##### DATA FOR REVIEW
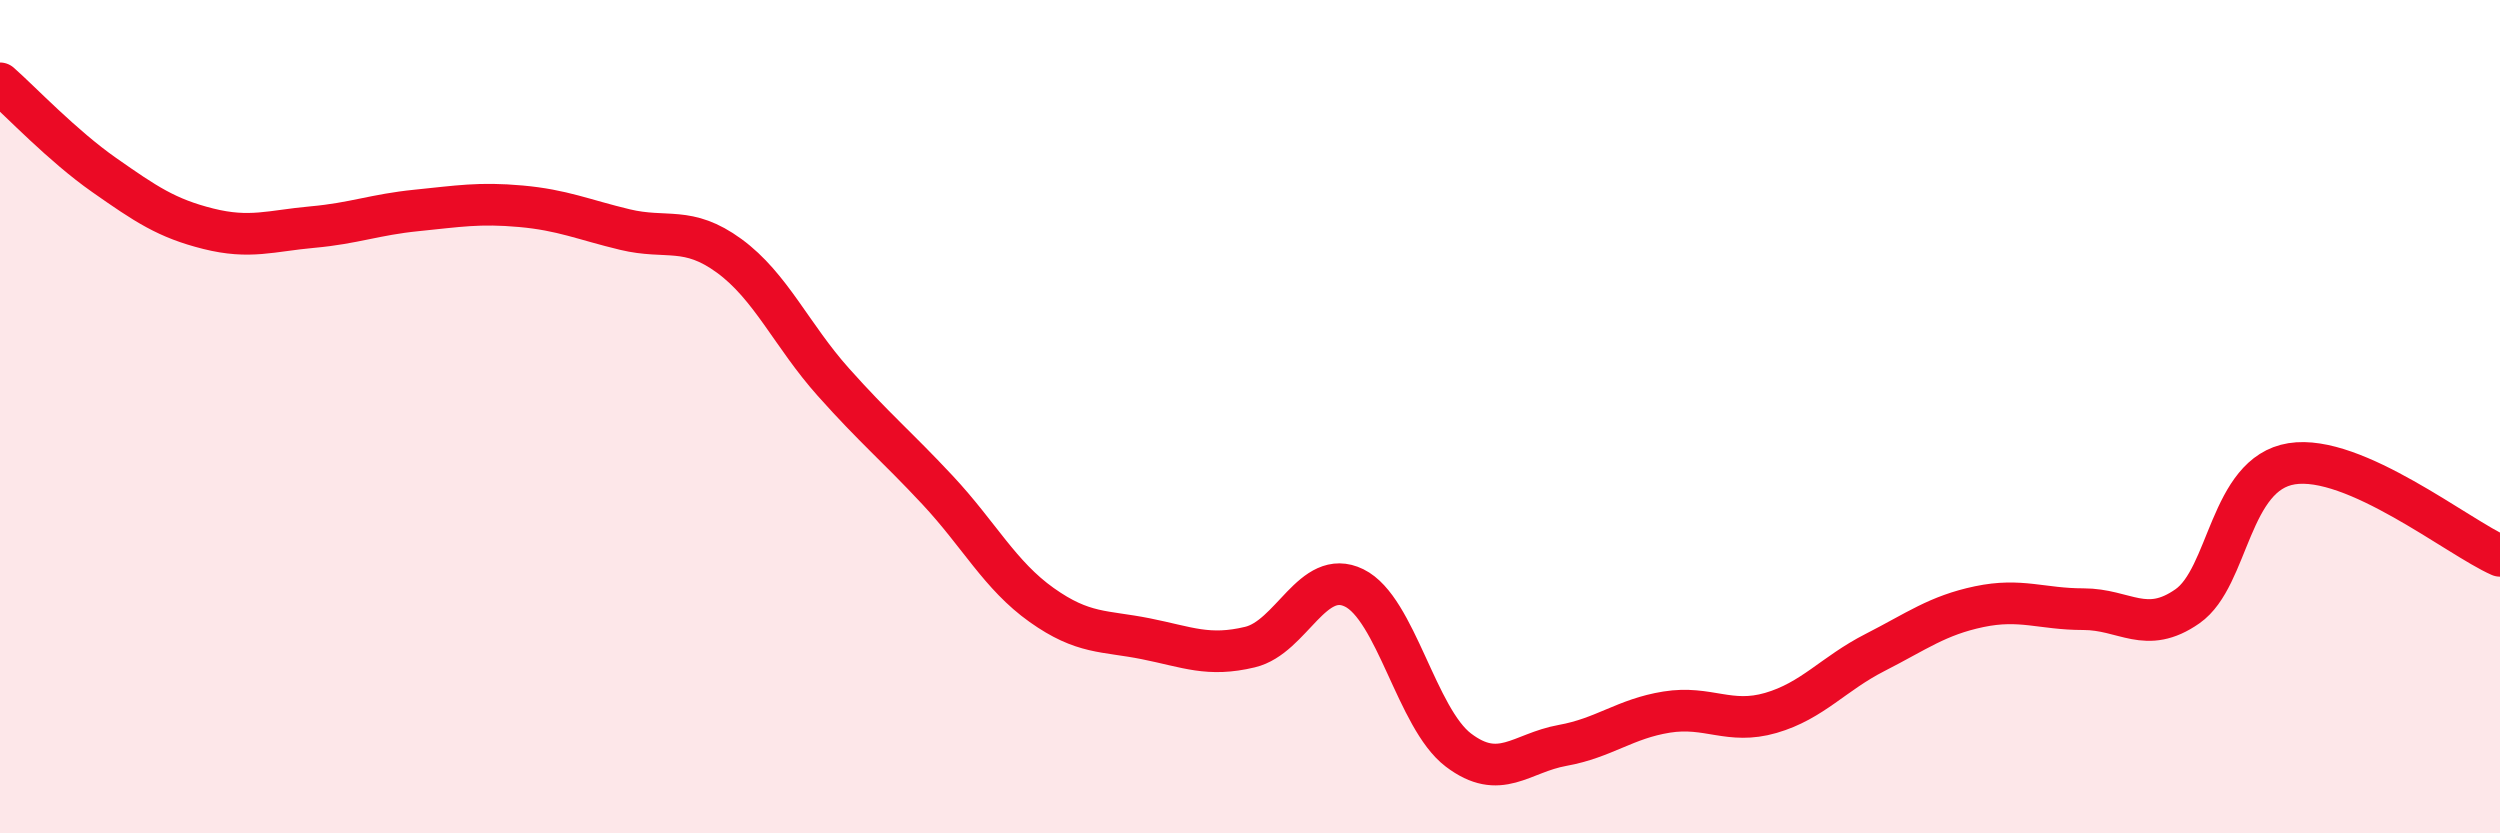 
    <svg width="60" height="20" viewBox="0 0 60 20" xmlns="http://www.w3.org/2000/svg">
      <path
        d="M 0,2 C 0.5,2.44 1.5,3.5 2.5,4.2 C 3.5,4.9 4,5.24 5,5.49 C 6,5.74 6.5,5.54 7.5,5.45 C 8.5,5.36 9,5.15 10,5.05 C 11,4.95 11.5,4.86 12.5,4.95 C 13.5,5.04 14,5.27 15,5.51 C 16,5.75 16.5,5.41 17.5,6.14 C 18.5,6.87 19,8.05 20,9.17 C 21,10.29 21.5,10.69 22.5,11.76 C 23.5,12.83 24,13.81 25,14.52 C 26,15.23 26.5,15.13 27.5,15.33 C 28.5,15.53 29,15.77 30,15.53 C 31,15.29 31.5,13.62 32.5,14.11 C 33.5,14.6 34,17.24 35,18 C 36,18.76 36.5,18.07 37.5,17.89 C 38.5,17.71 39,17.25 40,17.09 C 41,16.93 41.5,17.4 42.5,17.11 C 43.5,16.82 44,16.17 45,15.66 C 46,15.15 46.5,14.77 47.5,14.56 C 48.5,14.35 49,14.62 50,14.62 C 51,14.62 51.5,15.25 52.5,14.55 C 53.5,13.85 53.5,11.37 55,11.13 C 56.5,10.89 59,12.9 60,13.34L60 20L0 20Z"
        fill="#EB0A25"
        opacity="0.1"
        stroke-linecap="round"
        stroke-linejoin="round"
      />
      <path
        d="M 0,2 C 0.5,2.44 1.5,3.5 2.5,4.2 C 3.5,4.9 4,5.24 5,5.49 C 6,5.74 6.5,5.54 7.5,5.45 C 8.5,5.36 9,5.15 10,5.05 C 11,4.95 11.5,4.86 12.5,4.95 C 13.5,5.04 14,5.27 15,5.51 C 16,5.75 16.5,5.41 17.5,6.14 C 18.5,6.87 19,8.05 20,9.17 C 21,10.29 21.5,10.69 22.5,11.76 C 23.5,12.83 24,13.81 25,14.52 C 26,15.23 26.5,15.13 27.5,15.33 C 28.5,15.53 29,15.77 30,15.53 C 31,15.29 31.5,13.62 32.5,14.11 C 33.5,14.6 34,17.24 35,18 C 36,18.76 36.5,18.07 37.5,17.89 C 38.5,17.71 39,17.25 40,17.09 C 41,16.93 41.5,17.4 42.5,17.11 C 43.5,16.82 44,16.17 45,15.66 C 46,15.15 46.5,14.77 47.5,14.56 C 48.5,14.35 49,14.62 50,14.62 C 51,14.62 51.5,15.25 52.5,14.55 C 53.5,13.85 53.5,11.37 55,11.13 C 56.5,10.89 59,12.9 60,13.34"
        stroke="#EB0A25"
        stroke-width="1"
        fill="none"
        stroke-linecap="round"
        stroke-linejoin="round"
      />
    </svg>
##########
##### DATA FOR REVIEW
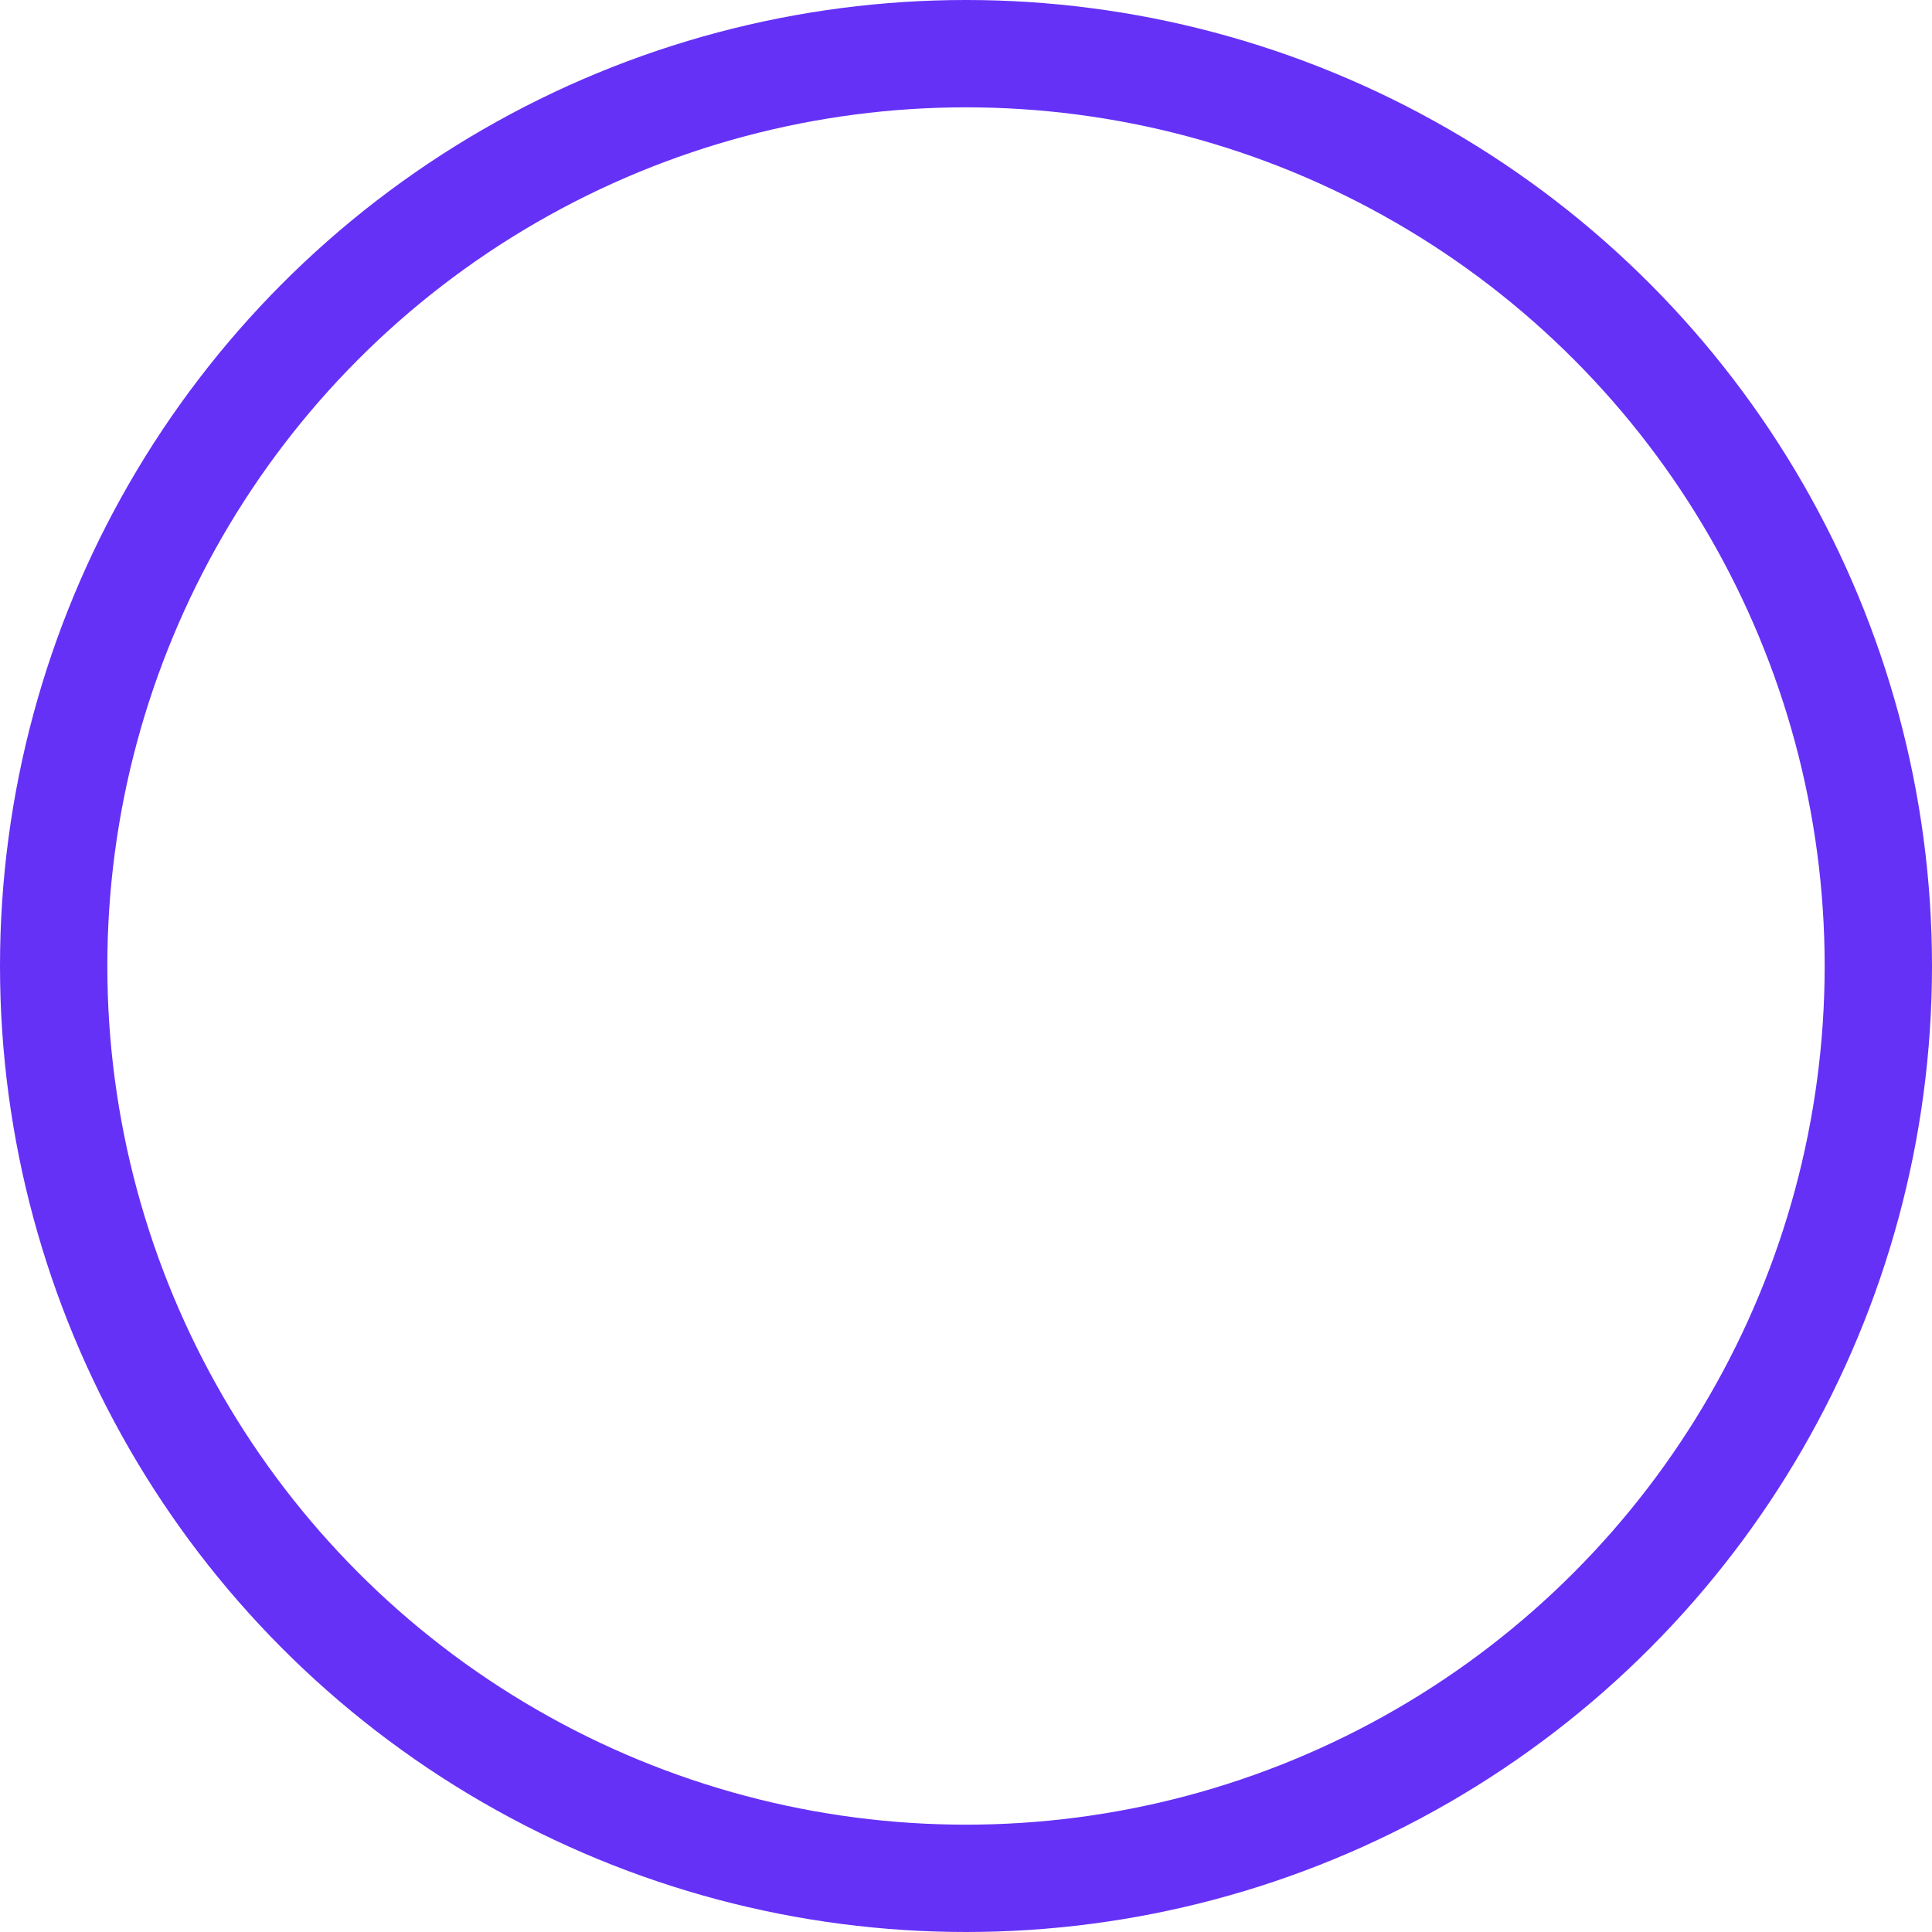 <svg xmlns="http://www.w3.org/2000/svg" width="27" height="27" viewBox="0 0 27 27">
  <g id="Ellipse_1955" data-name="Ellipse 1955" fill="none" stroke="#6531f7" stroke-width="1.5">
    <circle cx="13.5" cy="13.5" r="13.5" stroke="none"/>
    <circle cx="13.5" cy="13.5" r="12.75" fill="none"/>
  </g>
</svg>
##########
### TASK GOAL
The required output is a copy of each line in the records where the string "circle" occurs.

### FINAL ANSWER
    <circle cx="13.5" cy="13.5" r="13.5" stroke="none"/>
    <circle cx="13.5" cy="13.5" r="12.75" fill="none"/>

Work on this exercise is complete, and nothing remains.